La Colangio Pancretografia Retrograda Endoscopica (CPRE), che fino a pochi anni fa era la metodica migliore anche per la diagnosi, è ora riservata alle procedure terapeutiche, che servono per togliere i calcoli dalle vie biliari o per procedure più complesse di drenaggio di bile.

La diagnosi si ottiene tenendo conto della sintomatologia clinica, delle alterazioni laboratoristiche ed eseguendo una serie di indagini strumentali.


Colangio-RM

è una risonanza magnetica particolare, impostata in modo da consentire la visualizzazione di tutta la via biliare e da poter evidenziare la presenza di un’ostruzione. Se eseguita correttamente, evita l’utilizzo di indagini più invasive, quali la CPRE (Colangio-Pancreatografia Retrograda Endoscopica) e la PTC (colangiografia percutanea), che attualmente sono utilizzate per procedure operative terapeutiche.


TAC con mezzo di contrasto


Ecografia

L’ecografia è l’indagine di primo impiego e consente di evidenziare una dilatazione dell’albero biliare e l’eventuale presenza di una concomitante calcolosi della colecisti, ma è poco precisa nell’individuare calcoli coledocici.


Colangio-Pancreato-Risonanza con mezzo di contrast

consente lo studio anche del parenchima pancreatico


Trattamenti

Il trattamento standard per la colecistite è la chirurgia: asportazione della colecisti, che oggi può essere fatta con tecnica laparoscopica e quindi essere molto poco invasiva.
Tuttavia, il tasso di mortalità del trattamento chirurgico della colecistite acuta può arrivare al 14%– 30% nei pazienti anziani o nei pazienti critici con associate comorbidità. Per questi pazienti, negli ultimi 20 anni, la colecistostomia percutanea (CP) imaging-guidata è diventata un trattamento terapeutico di grande utilità.
Questa procedura permette ad alcuni pazienti “critici” di essere operati in elezione, con un minore tasso di mortalità ed invece per quelli che non potranno essere operati il drenaggio a lungo termine rappresenta il trattamento di scelta.

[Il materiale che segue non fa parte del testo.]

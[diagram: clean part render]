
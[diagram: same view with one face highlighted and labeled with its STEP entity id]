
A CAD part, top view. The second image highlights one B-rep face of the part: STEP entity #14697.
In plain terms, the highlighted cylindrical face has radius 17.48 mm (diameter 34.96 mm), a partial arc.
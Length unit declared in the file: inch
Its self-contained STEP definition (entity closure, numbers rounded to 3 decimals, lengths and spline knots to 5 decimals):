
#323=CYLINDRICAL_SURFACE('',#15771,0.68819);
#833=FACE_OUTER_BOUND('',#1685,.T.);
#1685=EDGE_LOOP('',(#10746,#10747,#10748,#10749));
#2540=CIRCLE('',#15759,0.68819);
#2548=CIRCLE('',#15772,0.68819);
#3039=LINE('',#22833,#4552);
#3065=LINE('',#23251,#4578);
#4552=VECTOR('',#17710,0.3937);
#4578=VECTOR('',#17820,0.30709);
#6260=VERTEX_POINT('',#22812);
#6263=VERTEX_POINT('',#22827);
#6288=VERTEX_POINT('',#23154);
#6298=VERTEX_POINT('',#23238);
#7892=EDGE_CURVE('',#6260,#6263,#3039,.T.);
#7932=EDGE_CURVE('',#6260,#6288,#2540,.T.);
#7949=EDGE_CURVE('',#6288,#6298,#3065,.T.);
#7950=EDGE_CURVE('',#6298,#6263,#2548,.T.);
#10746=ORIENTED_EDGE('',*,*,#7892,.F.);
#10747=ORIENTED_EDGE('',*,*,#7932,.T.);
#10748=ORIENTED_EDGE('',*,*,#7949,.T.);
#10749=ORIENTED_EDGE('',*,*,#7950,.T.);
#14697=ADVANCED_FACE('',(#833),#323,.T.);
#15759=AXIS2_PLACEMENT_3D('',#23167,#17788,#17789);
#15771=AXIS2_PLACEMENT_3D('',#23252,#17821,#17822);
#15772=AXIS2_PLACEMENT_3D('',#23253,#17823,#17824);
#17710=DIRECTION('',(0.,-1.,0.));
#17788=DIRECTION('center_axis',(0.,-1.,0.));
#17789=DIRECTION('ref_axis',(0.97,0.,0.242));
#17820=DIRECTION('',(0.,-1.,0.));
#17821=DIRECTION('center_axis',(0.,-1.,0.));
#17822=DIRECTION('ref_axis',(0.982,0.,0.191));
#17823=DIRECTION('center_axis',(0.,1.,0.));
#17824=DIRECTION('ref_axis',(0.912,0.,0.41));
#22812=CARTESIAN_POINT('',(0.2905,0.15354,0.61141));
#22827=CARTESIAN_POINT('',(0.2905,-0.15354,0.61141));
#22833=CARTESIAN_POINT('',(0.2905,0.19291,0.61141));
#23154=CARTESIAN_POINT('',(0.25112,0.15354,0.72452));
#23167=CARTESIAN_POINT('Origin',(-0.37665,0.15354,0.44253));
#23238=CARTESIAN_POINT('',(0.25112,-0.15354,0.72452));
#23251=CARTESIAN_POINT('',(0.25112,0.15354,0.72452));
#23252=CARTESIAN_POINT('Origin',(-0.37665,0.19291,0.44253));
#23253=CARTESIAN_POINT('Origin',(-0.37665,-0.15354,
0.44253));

La colangio-pancreatografia endoscopica retrograda (ERCP)

ERCP

La colangio-pancreatografia endoscopica retrograda (ERCP) è un esame che consiste nella introduzione attraverso la bocca di un tubo che giunge sino al duodeno ed individua la papilla di Vater, che è uno sfintere dove sboccano la via biliare principale ed il dotto pancreatico principale. Attraverso tale sfintere si inserisce una canula che serve per iniettare il mezzo di contrasto opacizzare la via biliare e individuare mediante l’apparecchio radiologico dove è stato posizionato il paziente, la sede della ostruzione. Successivamente si può passare alla fase curativa, per esempio estrazione di calcoli oppure posizionamento di protesi in plastica o di stent metallico per permettere alla bile comunque di giungere a livello dell’intestino.
In caso di fallimento/controindicazione a ERCP, viene eseguita la colangiografia percutanea (PTC) che serve ad individuare il livello di ostruzione in caso di dilatazione delle vie biliari ed identificare la presenza di calcoli biliari.
Viene eseguita in ambiente sterile, di solito in sala angiografica. Il paziente è posto sul lettino di un apparecchio detto angiografo, che grazie all’utilizzo dei raggi X permette di individuare le strutture nelle quali viene iniettato il mezzo di contrasto radiopaco.
Il radiologo interventista sotto guida scopica e/o ecografica punge le vie biliari intraepatiche e vi inietta del mezzo di contrasto eseguendo la cosiddetta colangiografia percutanea, che viene visualizzata in diretta su uno schermo posto di fronte l’operatore.